A sua preparação militar e desportiva permitiu-lhes “aplicarem violentos golpes de socos, de tal forma violentos, que as vítimas caíam ao chão, nalguns casos inconscientes”, prossegue o mesmo relato. Com o braço partido e várias outras sequelas, um dos agentes ficou dois meses sem poder ir trabalhar.

Depois disso, os militares ainda tiveram tempo para uma conversa amigável com os vigilantes do estabelecimento de diversão nocturna: “Ao passarem pelos seguranças que se encontravam perto da entrada da discoteca Mome confraternizaram com estes, encolhendo os ombros, com indiferença.”

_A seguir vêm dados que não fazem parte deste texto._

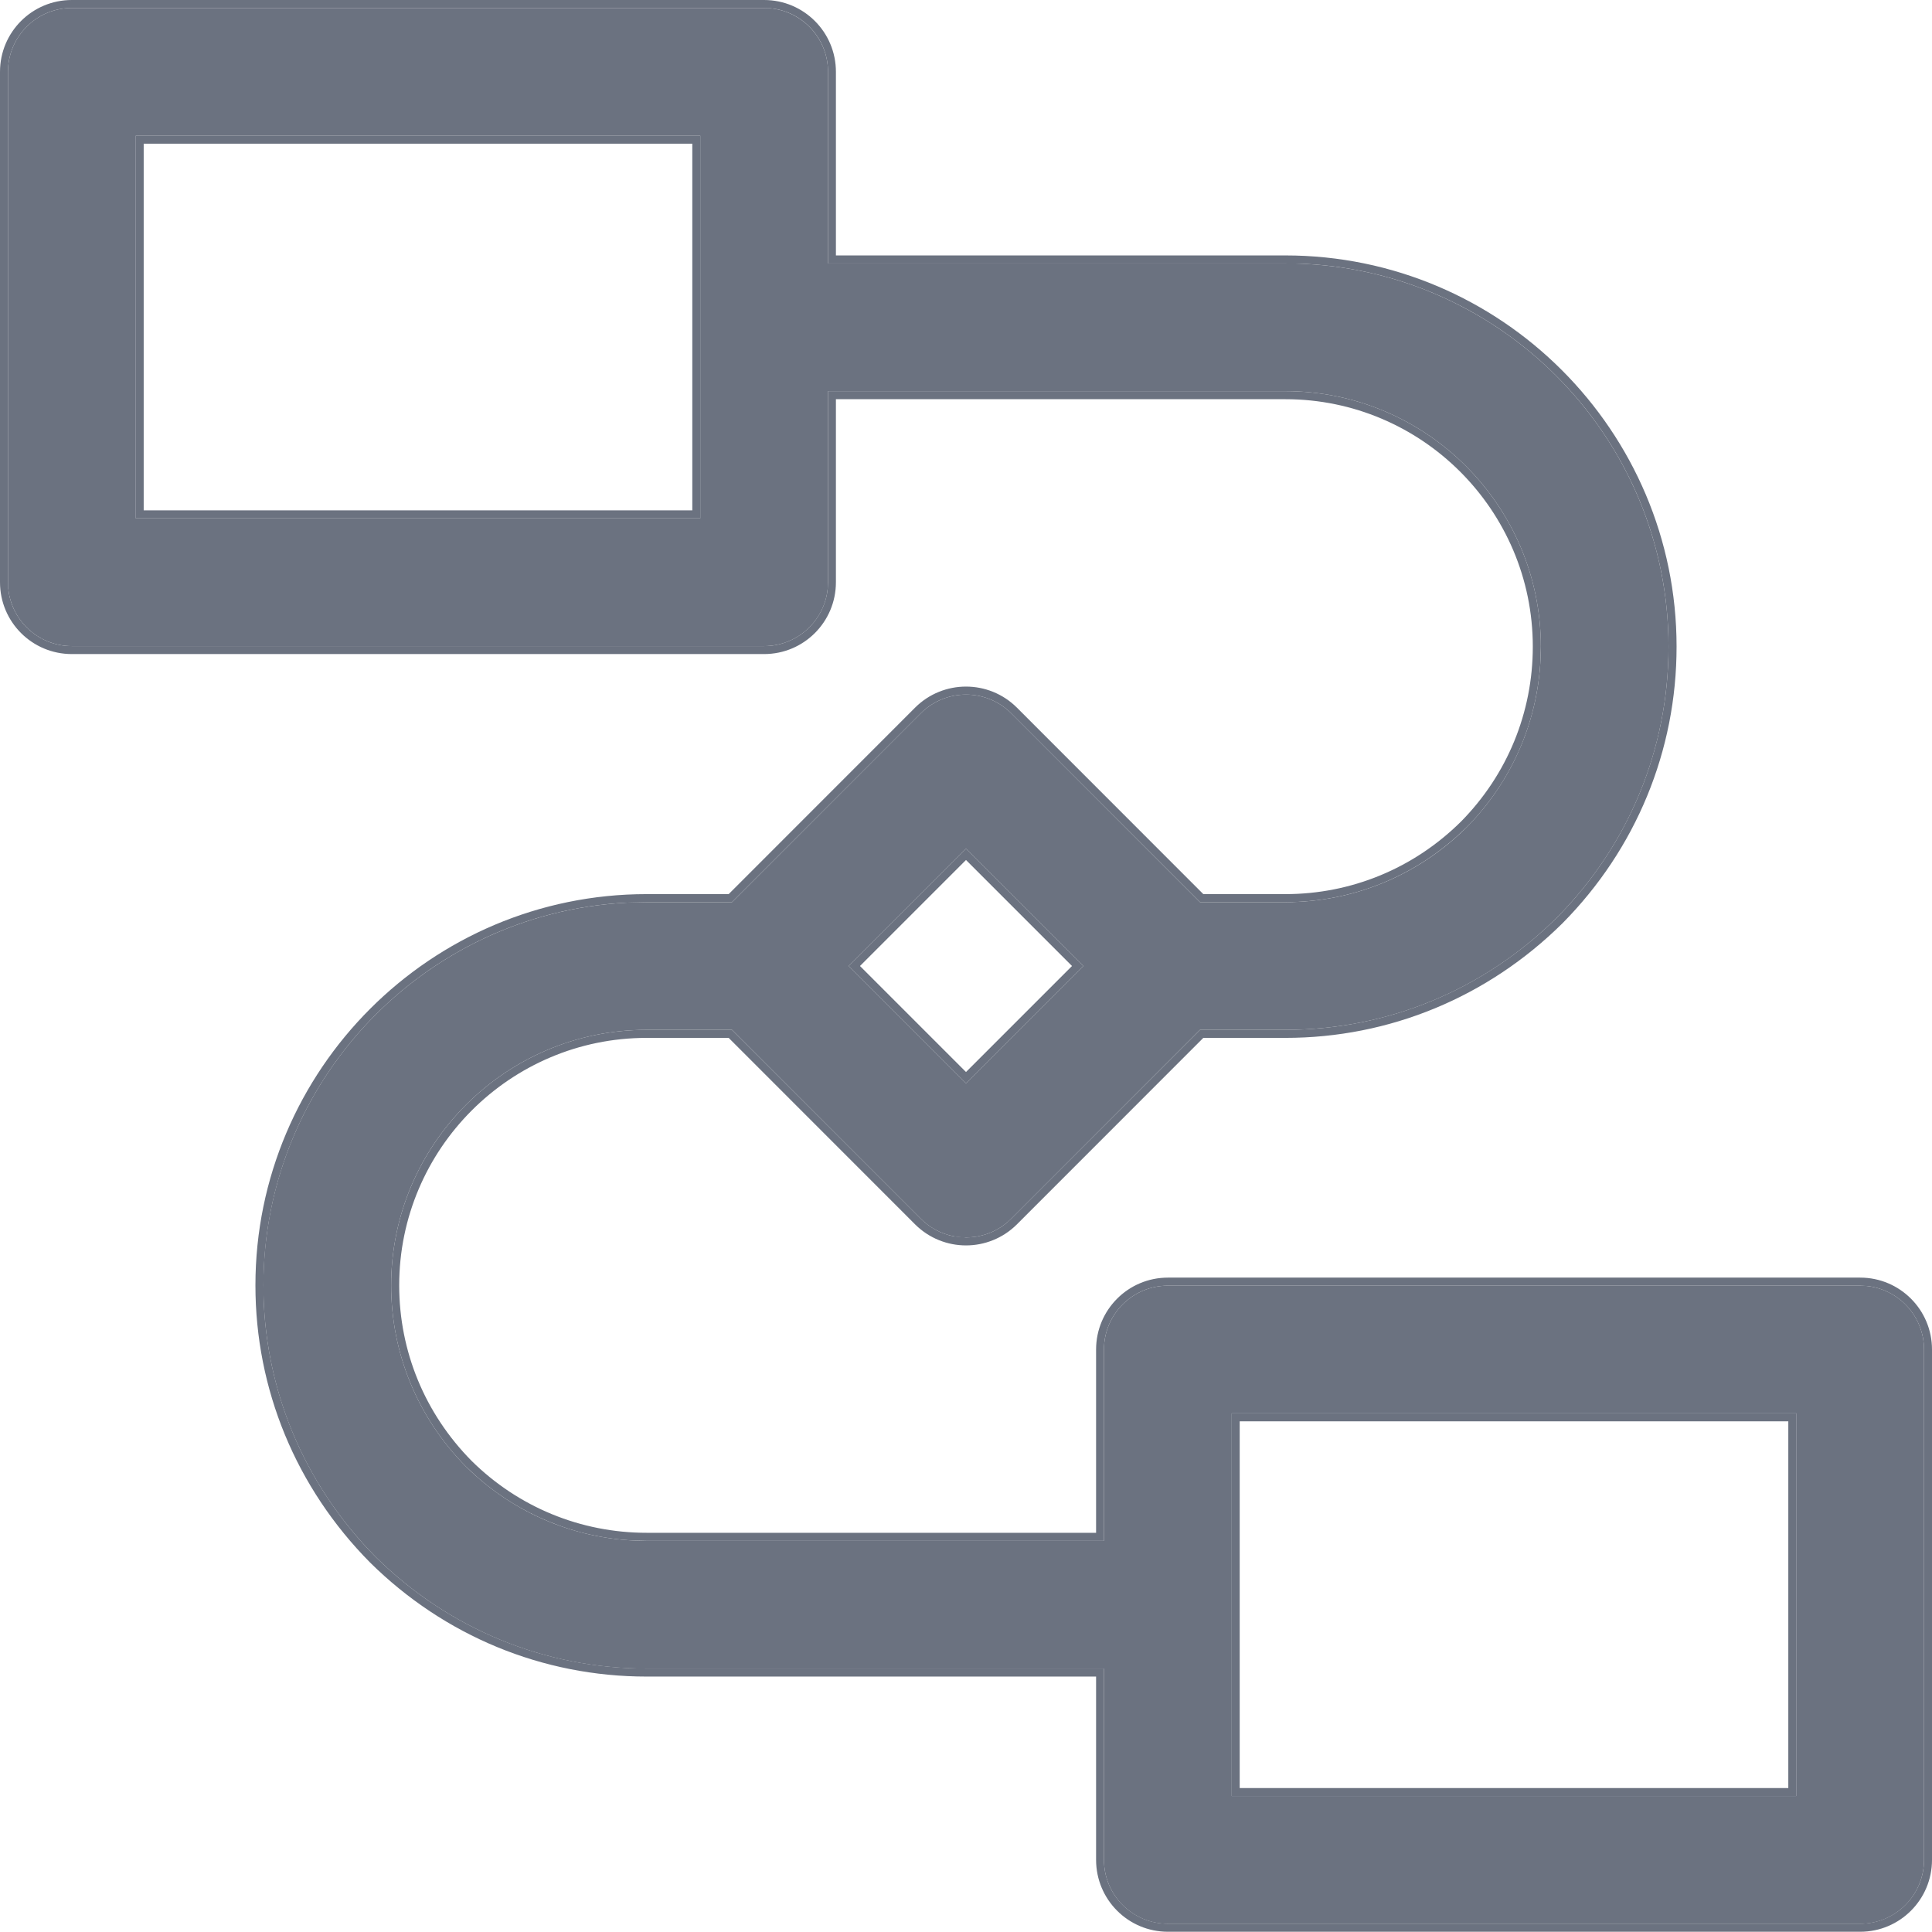 <svg width="24" height="24" viewBox="0 0 24 24" fill="none" xmlns="http://www.w3.org/2000/svg">
<g clip-path="url(#clip0_59_369)">
<path d="M23.108 15.971H14.508C14.069 15.971 13.714 16.326 13.714 16.764V19.141H8.033C7.188 19.141 6.388 18.811 5.788 18.218C5.189 17.612 4.859 16.812 4.859 15.967C4.859 14.217 6.283 12.793 8.033 12.793H9.093L11.439 15.14C11.594 15.295 11.797 15.372 12 15.372C12.203 15.372 12.406 15.295 12.561 15.14L14.907 12.793H15.967C17.233 12.793 18.429 12.301 19.34 11.399C20.235 10.495 20.727 9.299 20.727 8.033C20.727 5.408 18.592 3.272 15.967 3.272H10.286V0.892C10.286 0.454 9.93 0.099 9.492 0.099H0.892C0.454 0.099 0.099 0.454 0.099 0.892V7.233C0.099 7.671 0.454 8.026 0.892 8.026H9.492C9.93 8.026 10.286 7.671 10.286 7.233V4.859H15.967C17.717 4.859 19.141 6.283 19.141 8.033C19.141 8.878 18.811 9.678 18.218 10.278C17.612 10.877 16.812 11.207 15.967 11.207H14.907L12.561 8.86C12.251 8.551 11.749 8.551 11.439 8.86L9.093 11.207H8.033C5.408 11.207 3.272 13.342 3.272 15.967C3.272 17.233 3.765 18.429 4.666 19.34C5.571 20.235 6.767 20.728 8.033 20.728H13.714V23.104C13.714 23.543 14.069 23.898 14.508 23.898H23.108C23.546 23.898 23.901 23.543 23.901 23.104V16.764C23.901 16.326 23.546 15.971 23.108 15.971ZM8.699 6.439H1.686V1.686H8.699V6.439ZM12 10.543L13.457 12L12 13.457L10.543 12L12 10.543ZM22.314 22.311H15.301V17.557H22.314V22.311Z" fill="#6B7280"/>
<path d="M13.616 23.104V20.827H8.033C6.741 20.827 5.52 20.323 4.597 19.41L4.596 19.409C3.677 18.48 3.173 17.259 3.173 15.967C3.173 13.287 5.353 11.107 8.033 11.107V11.207L7.788 11.213C5.276 11.341 3.273 13.424 3.273 15.967L3.278 16.203C3.336 17.381 3.822 18.485 4.666 19.34C5.571 20.234 6.767 20.727 8.033 20.727H13.714V23.104C13.714 23.542 14.069 23.897 14.508 23.897H23.108C23.546 23.897 23.901 23.542 23.901 23.104V16.764C23.901 16.354 23.589 16.016 23.189 15.975L23.108 15.971V15.871C23.601 15.871 24 16.271 24 16.764V23.104C24 23.597 23.601 23.997 23.108 23.997H14.508C14.015 23.997 13.616 23.597 13.616 23.104ZM22.315 17.557V22.311H15.301V17.557H22.315ZM15.4 22.212H22.215V17.656H15.4V22.212ZM4.859 15.967C4.859 14.217 6.283 12.793 8.033 12.793H9.092L11.439 15.14C11.556 15.256 11.699 15.329 11.849 15.358L12 15.372C12.178 15.372 12.355 15.313 12.501 15.194L12.561 15.14L14.908 12.793H15.967C17.233 12.793 18.428 12.3 19.34 11.399C20.234 10.495 20.727 9.299 20.727 8.033C20.727 5.49 18.724 3.406 16.212 3.278L15.967 3.273V3.173C18.647 3.173 20.827 5.353 20.827 8.033C20.827 9.325 20.323 10.546 19.41 11.469L19.409 11.47C18.48 12.389 17.259 12.893 15.967 12.893H14.948L12.632 15.21C12.457 15.384 12.228 15.471 12 15.471C11.772 15.471 11.543 15.384 11.368 15.21L9.052 12.893H8.033C6.338 12.893 4.959 14.272 4.959 15.967C4.959 16.786 5.278 17.56 5.858 18.147C6.439 18.722 7.214 19.041 8.033 19.041V19.141L7.875 19.137C7.141 19.101 6.449 18.816 5.903 18.326L5.788 18.218C5.189 17.612 4.859 16.812 4.859 15.967ZM13.616 16.764C13.616 16.271 14.015 15.871 14.508 15.871V15.971C14.069 15.971 13.714 16.326 13.714 16.764V19.141H8.033V19.041H13.616V16.764ZM23.108 15.871V15.971H14.508V15.871H23.108ZM13.457 12L12 13.457L10.543 12L12 10.543L13.457 12ZM10.683 12L12 13.317L13.317 12L12 10.683L10.683 12ZM11.368 8.79C11.717 8.442 12.283 8.442 12.632 8.79L14.948 11.107H15.967V11.207H14.908L12.561 8.86C12.251 8.551 11.749 8.551 11.439 8.86L9.092 11.207H8.033V11.107H9.052L11.368 8.79ZM0 7.233V0.892C0 0.399 0.399 0 0.892 0V0.099C0.454 0.099 0.099 0.454 0.099 0.892V7.233L0.103 7.313C0.14 7.687 0.437 7.984 0.811 8.022L0.892 8.026H9.492C9.903 8.026 10.241 7.713 10.282 7.313L10.286 7.233V4.859H15.967C17.717 4.859 19.141 6.283 19.141 8.033L19.137 8.191C19.099 8.977 18.774 9.716 18.218 10.278L18.102 10.386C17.551 10.881 16.859 11.167 16.125 11.203L15.967 11.207V11.107C16.786 11.107 17.561 10.788 18.148 10.207C18.722 9.626 19.041 8.852 19.041 8.033C19.041 6.338 17.662 4.959 15.967 4.959H10.384V7.233C10.384 7.726 9.985 8.125 9.492 8.125H0.892C0.399 8.125 0 7.726 0 7.233ZM8.699 1.685V6.439H1.685V1.685H8.699ZM1.785 6.34H8.6V1.785H1.785V6.34ZM10.286 0.892C10.286 0.481 9.974 0.143 9.574 0.103L9.492 0.099V0C9.985 9.89376e-05 10.384 0.399 10.384 0.892V3.173H15.967V3.273H10.286V0.892ZM9.492 0V0.099H0.892V0H9.492Z" fill="#6B7280"/>
</g>
<defs>
<clipPath id="clip0_59_369">
<rect width="24" height="24" fill="white"/>
</clipPath>
</defs>
</svg>

Na altura, os responsáveis pelo estabelecimento fizeram questão de sublinhar que as agressões tiveram lugar na rua e que nenhum colaborador seu esteve envolvido nelas. Quando o Mome abriu, em 2018, destinava-se a um público “mais maduro, de classe média alta”, pessoas que gostavam “de se divertir sem grandes confusões”.

Escreve a procuradora responsável por este inquérito que destes incidentes só não resultaram mais mortes por mero acaso, “considerando o local preferencial das agressões, a zona da cabeça, e não obstante os ofendidos terem perdido os sentidos” ao primeiro murro. Mas diz mais a magistrada, ao falar da noite da capital como um lugar perigoso. “A noite de Lisboa tem sido particularmente afectada pela violência que importa travar, para restabelecer a tranquilidade à população e permitir que não exista o receio de sair à noite em virtude de existir uma elevada probabilidade de se tornarem vítimas de crimes”, observa, ao mesmo tempo que defende que os fuzileiros, que se encontram na cadeia de Tomar, continuem em prisão preventiva.

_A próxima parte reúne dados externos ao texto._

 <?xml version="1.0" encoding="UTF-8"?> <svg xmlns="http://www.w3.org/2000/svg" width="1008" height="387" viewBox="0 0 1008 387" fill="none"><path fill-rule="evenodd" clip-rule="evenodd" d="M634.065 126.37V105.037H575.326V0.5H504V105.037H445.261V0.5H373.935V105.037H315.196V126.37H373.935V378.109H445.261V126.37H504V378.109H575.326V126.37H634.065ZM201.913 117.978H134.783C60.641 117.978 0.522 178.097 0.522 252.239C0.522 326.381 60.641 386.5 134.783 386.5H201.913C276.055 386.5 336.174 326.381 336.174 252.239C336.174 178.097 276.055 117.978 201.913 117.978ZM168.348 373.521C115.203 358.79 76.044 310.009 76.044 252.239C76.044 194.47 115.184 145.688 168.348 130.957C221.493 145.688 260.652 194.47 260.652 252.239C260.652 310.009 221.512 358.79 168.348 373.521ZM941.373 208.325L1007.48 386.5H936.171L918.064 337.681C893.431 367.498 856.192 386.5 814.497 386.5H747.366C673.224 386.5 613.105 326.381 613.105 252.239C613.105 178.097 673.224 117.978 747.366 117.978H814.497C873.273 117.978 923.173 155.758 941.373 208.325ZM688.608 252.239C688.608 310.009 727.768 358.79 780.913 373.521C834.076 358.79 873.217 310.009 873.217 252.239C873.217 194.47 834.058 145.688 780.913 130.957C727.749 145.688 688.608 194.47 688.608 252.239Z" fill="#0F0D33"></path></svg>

Quando tudo aconteceu os suspeitos preparavam-se para integrar uma missão das Nações Unidas. Várias testemunhas ouvidas pela Polícia Judiciária manifestaram o receio de contarem tudo o que presenciaram naquela noite, por temerem represálias por parte dos suspeitos ou de pessoas ligadas a eles, e as autoridades levaram isso em conta: “A investigação acredita que poderá suceder que alguém exerça directa ou indirectamente pressão sobre as testemunhas, com o objectivo de condicionar os seus depoimentos”. Por isso, e ao contrário do que é habitual, as suas moradas reais não constarão do processo.

De resto, um dos fuzileiros, Cláudio Coimbra, já no ano passado viu aberto um outro processo-crime contra si por agressão a um GNR, a quem terá gritado ameaças de morte: “Vais morrer, bófia, filha da puta, branco, vais morrer, nem que seja com armas”.

O Ministério Público reclama aos arguidos o pagamento de 184 mil euros, a maior parte dos quais dizem respeito à indemnização que o Estado entregou à família de Fábio Guerra por conta da sua morte.

O seu advogado, Miguel Santos Pereira, equaciona neste momento pedir um tribunal de júri para o julgamento. Diz que um dos vídeos que existem dos acontecimentos mostra que os polícias, que vinham de outro estabelecimento de diversão nocturna, estavam claramente alcoolizados e que a certa altura Fábio Guerra se aproxima por trás do seu cliente e lhe dá um soco. “Todos se portaram mal, uns e outros”, conclui. “Mas a acusação insiste em que os agentes estavam ao serviço”.